[Stored dataset items]
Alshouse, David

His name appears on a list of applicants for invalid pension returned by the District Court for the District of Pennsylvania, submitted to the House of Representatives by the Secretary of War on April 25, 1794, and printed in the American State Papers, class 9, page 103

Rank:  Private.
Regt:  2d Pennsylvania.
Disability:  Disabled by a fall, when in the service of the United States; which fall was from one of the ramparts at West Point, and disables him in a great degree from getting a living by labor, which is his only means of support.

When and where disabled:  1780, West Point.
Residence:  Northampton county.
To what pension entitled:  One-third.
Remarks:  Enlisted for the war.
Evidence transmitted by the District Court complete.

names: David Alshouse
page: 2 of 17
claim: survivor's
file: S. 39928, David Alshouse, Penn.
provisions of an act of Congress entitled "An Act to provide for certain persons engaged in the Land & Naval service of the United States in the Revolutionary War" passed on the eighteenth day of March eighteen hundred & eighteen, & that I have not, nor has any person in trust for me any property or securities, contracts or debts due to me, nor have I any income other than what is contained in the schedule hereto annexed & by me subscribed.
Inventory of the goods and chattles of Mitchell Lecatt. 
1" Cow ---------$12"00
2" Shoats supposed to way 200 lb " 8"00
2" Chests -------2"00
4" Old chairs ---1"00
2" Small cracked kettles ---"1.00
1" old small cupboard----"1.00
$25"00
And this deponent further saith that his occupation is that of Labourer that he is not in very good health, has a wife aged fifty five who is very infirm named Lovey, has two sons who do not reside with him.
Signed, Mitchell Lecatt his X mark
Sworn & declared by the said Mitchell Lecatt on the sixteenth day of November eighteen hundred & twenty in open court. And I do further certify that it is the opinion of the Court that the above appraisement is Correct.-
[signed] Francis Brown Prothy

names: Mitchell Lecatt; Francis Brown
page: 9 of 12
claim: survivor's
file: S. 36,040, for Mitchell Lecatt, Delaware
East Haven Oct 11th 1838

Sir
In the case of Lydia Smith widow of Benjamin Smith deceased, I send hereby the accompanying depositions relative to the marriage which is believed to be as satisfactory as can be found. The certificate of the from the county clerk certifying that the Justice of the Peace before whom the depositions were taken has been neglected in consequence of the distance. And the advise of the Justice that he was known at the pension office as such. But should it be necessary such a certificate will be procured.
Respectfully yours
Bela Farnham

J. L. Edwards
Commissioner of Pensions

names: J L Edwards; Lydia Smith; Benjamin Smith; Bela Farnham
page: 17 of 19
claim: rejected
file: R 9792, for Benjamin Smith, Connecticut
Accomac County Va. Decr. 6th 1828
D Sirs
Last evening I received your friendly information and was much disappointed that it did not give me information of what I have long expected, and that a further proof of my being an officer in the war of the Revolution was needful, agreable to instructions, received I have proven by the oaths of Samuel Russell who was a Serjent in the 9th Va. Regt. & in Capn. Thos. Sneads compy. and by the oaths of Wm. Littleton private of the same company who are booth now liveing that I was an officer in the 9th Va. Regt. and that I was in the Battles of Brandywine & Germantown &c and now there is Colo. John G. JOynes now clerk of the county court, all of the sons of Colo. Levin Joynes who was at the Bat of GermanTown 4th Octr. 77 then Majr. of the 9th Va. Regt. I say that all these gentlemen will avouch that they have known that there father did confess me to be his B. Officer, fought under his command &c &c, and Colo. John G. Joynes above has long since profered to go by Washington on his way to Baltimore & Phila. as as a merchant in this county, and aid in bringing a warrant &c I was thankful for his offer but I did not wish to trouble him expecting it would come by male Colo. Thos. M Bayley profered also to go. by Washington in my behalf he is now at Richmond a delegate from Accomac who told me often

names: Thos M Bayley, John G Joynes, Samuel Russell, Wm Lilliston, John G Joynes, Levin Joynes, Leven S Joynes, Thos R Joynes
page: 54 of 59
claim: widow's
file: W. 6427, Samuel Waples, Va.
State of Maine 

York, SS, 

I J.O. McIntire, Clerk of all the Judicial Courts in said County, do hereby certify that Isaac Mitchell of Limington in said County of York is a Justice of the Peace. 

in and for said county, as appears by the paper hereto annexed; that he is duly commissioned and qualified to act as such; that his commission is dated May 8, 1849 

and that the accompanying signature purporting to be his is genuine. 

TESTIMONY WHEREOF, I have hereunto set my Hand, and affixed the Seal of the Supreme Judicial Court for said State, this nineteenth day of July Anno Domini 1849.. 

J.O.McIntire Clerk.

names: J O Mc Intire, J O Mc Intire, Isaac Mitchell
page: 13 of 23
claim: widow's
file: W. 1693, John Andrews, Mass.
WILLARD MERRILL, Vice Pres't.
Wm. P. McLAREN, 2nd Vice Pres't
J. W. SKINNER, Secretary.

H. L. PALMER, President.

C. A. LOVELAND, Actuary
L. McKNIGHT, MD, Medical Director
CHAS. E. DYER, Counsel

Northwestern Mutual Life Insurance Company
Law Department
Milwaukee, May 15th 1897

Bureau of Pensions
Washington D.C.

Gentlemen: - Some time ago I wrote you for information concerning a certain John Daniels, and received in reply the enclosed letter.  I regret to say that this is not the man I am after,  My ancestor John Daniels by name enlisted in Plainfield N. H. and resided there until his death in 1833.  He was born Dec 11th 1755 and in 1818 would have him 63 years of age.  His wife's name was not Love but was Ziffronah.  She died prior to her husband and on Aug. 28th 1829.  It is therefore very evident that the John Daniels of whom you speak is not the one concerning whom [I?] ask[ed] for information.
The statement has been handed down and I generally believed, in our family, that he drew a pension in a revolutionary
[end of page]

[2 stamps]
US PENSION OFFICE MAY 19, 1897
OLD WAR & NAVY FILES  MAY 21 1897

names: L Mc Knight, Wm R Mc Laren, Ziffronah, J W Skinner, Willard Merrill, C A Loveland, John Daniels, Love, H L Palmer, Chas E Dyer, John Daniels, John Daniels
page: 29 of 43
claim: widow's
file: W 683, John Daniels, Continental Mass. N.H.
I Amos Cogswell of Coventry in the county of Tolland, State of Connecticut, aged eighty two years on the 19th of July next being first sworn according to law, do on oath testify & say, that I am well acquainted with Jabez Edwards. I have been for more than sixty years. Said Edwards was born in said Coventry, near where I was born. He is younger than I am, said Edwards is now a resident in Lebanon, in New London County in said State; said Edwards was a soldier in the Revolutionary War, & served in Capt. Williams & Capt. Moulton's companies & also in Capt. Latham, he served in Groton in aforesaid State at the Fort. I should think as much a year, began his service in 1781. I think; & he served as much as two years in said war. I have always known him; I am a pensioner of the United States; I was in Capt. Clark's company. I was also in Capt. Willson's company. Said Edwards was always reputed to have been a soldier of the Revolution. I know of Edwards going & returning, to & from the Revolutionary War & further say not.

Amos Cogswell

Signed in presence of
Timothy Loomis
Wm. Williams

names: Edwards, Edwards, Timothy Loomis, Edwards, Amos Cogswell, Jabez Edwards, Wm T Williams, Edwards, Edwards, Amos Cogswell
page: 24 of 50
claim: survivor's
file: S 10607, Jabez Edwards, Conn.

## [Description of the task]
Repeat each entry above, matching every line exactly.

## [Task output]
Alshouse, David

His name appears on a list of applicants for invalid pension returned by the District Court for the District of Pennsylvania, submitted to the House of Representatives by the Secretary of War on April 25, 1794, and printed in the American State Papers, class 9, page 103

Rank:  Private.
Regt:  2d Pennsylvania.
Disability:  Disabled by a fall, when in the service of the United States; which fall was from one of the ramparts at West Point, and disables him in a great degree from getting a living by labor, which is his only means of support.

When and where disabled:  1780, West Point.
Residence:  Northampton county.
To what pension entitled:  One-third.
Remarks:  Enlisted for the war.
Evidence transmitted by the District Court complete.

names: David Alshouse
page: 2 of 17
claim: survivor's
file: S. 39928, David Alshouse, Penn.
provisions of an act of Congress entitled "An Act to provide for certain persons engaged in the Land & Naval service of the United States in the Revolutionary War" passed on the eighteenth day of March eighteen hundred & eighteen, & that I have not, nor has any person in trust for me any property or securities, contracts or debts due to me, nor have I any income other than what is contained in the schedule hereto annexed & by me subscribed.
Inventory of the goods and chattles of Mitchell Lecatt. 
1" Cow ---------$12"00
2" Shoats supposed to way 200 lb " 8"00
2" Chests -------2"00
4" Old chairs ---1"00
2" Small cracked kettles ---"1.00
1" old small cupboard----"1.00
$25"00
And this deponent further saith that his occupation is that of Labourer that he is not in very good health, has a wife aged fifty five who is very infirm named Lovey, has two sons who do not reside with him.
Signed, Mitchell Lecatt his X mark
Sworn & declared by the said Mitchell Lecatt on the sixteenth day of November eighteen hundred & twenty in open court. And I do further certify that it is the opinion of the Court that the above appraisement is Correct.-
[signed] Francis Brown Prothy

names: Mitchell Lecatt; Francis Brown
page: 9 of 12
claim: survivor's
file: S. 36,040, for Mitchell Lecatt, Delaware
East Haven Oct 11th 1838

Sir
In the case of Lydia Smith widow of Benjamin Smith deceased, I send hereby the accompanying depositions relative to the marriage which is believed to be as satisfactory as can be found. The certificate of the from the county clerk certifying that the Justice of the Peace before whom the depositions were taken has been neglected in consequence of the distance. And the advise of the Justice that he was known at the pension office as such. But should it be necessary such a certificate will be procured.
Respectfully yours
Bela Farnham

J. L. Edwards
Commissioner of Pensions

names: J L Edwards; Lydia Smith; Benjamin Smith; Bela Farnham
page: 17 of 19
claim: rejected
file: R 9792, for Benjamin Smith, Connecticut
Accomac County Va. Decr. 6th 1828
D Sirs
Last evening I received your friendly information and was much disappointed that it did not give me information of what I have long expected, and that a further proof of my being an officer in the war of the Revolution was needful, agreable to instructions, received I have proven by the oaths of Samuel Russell who was a Serjent in the 9th Va. Regt. & in Capn. Thos. Sneads compy. and by the oaths of Wm. Littleton private of the same company who are booth now liveing that I was an officer in the 9th Va. Regt. and that I was in the Battles of Brandywine & Germantown &c and now there is Colo. John G. JOynes now clerk of the county court, all of the sons of Colo. Levin Joynes who was at the Bat of GermanTown 4th Octr. 77 then Majr. of the 9th Va. Regt. I say that all these gentlemen will avouch that they have known that there father did confess me to be his B. Officer, fought under his command &c &c, and Colo. John G. Joynes above has long since profered to go by Washington on his way to Baltimore & Phila. as as a merchant in this county, and aid in bringing a warrant &c I was thankful for his offer but I did not wish to trouble him expecting it would come by male Colo. Thos. M Bayley profered also to go. by Washington in my behalf he is now at Richmond a delegate from Accomac who told me often

names: Thos M Bayley, John G Joynes, Samuel Russell, Wm Lilliston, John G Joynes, Levin Joynes, Leven S Joynes, Thos R Joynes
page: 54 of 59
claim: widow's
file: W. 6427, Samuel Waples, Va.
State of Maine 

York, SS, 

I J.O. McIntire, Clerk of all the Judicial Courts in said County, do hereby certify that Isaac Mitchell of Limington in said County of York is a Justice of the Peace. 

in and for said county, as appears by the paper hereto annexed; that he is duly commissioned and qualified to act as such; that his commission is dated May 8, 1849 

and that the accompanying signature purporting to be his is genuine. 

TESTIMONY WHEREOF, I have hereunto set my Hand, and affixed the Seal of the Supreme Judicial Court for said State, this nineteenth day of July Anno Domini 1849.. 

J.O.McIntire Clerk.

names: J O Mc Intire, J O Mc Intire, Isaac Mitchell
page: 13 of 23
claim: widow's
file: W. 1693, John Andrews, Mass.
WILLARD MERRILL, Vice Pres't.
Wm. P. McLAREN, 2nd Vice Pres't
J. W. SKINNER, Secretary.

H. L. PALMER, President.

C. A. LOVELAND, Actuary
L. McKNIGHT, MD, Medical Director
CHAS. E. DYER, Counsel

Northwestern Mutual Life Insurance Company
Law Department
Milwaukee, May 15th 1897

Bureau of Pensions
Washington D.C.

Gentlemen: - Some time ago I wrote you for information concerning a certain John Daniels, and received in reply the enclosed letter.  I regret to say that this is not the man I am after,  My ancestor John Daniels by name enlisted in Plainfield N. H. and resided there until his death in 1833.  He was born Dec 11th 1755 and in 1818 would have him 63 years of age.  His wife's name was not Love but was Ziffronah.  She died prior to her husband and on Aug. 28th 1829.  It is therefore very evident that the John Daniels of whom you speak is not the one concerning whom [I?] ask[ed] for information.
The statement has been handed down and I generally believed, in our family, that he drew a pension in a revolutionary
[end of page]

[2 stamps]
US PENSION OFFICE MAY 19, 1897
OLD WAR & NAVY FILES  MAY 21 1897

names: L Mc Knight, Wm R Mc Laren, Ziffronah, J W Skinner, Willard Merrill, C A Loveland, John Daniels, Love, H L Palmer, Chas E Dyer, John Daniels, John Daniels
page: 29 of 43
claim: widow's
file: W 683, John Daniels, Continental Mass. N.H.
I Amos Cogswell of Coventry in the county of Tolland, State of Connecticut, aged eighty two years on the 19th of July next being first sworn according to law, do on oath testify & say, that I am well acquainted with Jabez Edwards. I have been for more than sixty years. Said Edwards was born in said Coventry, near where I was born. He is younger than I am, said Edwards is now a resident in Lebanon, in New London County in said State; said Edwards was a soldier in the Revolutionary War, & served in Capt. Williams & Capt. Moulton's companies & also in Capt. Latham, he served in Groton in aforesaid State at the Fort. I should think as much a year, began his service in 1781. I think; & he served as much as two years in said war. I have always known him; I am a pensioner of the United States; I was in Capt. Clark's company. I was also in Capt. Willson's company. Said Edwards was always reputed to have been a soldier of the Revolution. I know of Edwards going & returning, to & from the Revolutionary War & further say not.

Amos Cogswell

Signed in presence of
Timothy Loomis
Wm. Williams

names: Edwards, Edwards, Timothy Loomis, Edwards, Amos Cogswell, Jabez Edwards, Wm T Williams, Edwards, Edwards, Amos Cogswell
page: 24 of 50
claim: survivor's
file: S 10607, Jabez Edwards, Conn.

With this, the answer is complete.